HOW TO COMPLETE THIS TASK
Leave out the pictures and copy the remaining records exactly.

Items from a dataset
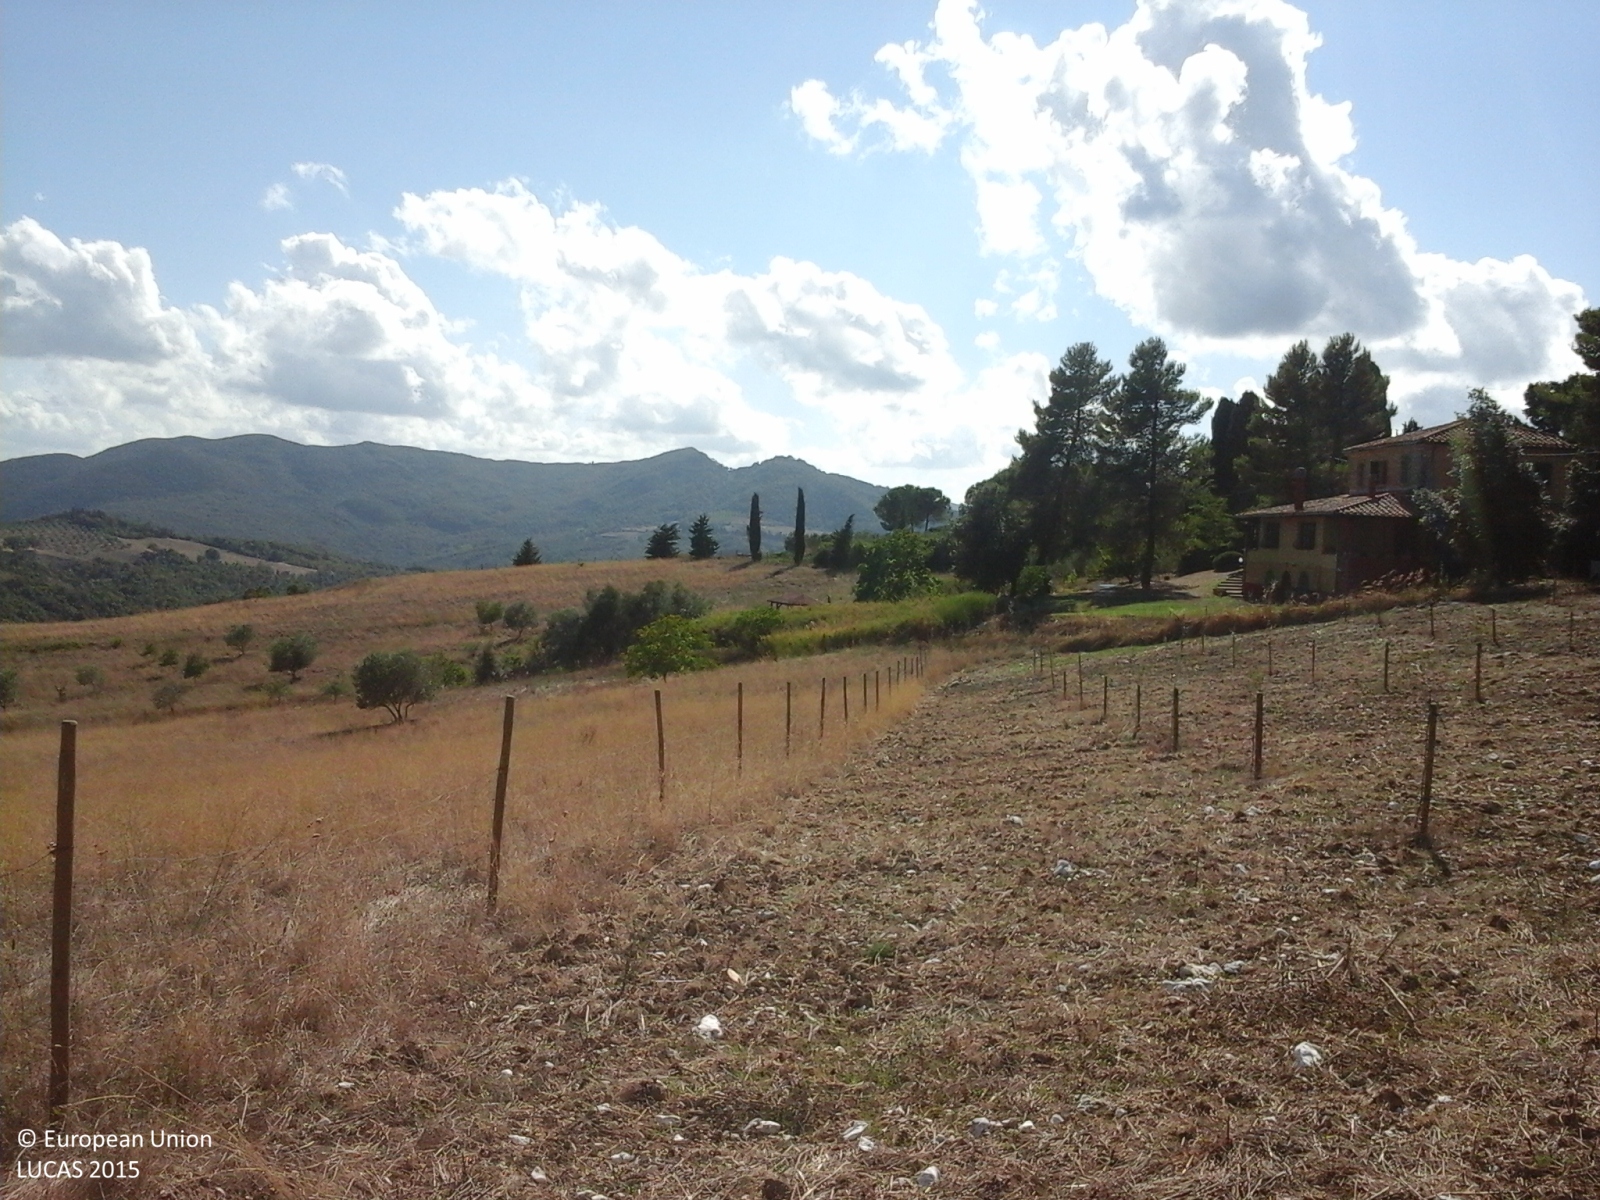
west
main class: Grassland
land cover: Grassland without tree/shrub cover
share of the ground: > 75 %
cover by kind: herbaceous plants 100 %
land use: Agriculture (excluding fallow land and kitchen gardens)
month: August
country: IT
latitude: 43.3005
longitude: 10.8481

ANSWER FOR THIS EXERCISE
west
main class: Grassland
land cover: Grassland without tree/shrub cover
share of the ground: > 75 %
cover by kind: herbaceous plants 100 %
land use: Agriculture (excluding fallow land and kitchen gardens)
month: August
country: IT
latitude: 43.3005
longitude: 10.8481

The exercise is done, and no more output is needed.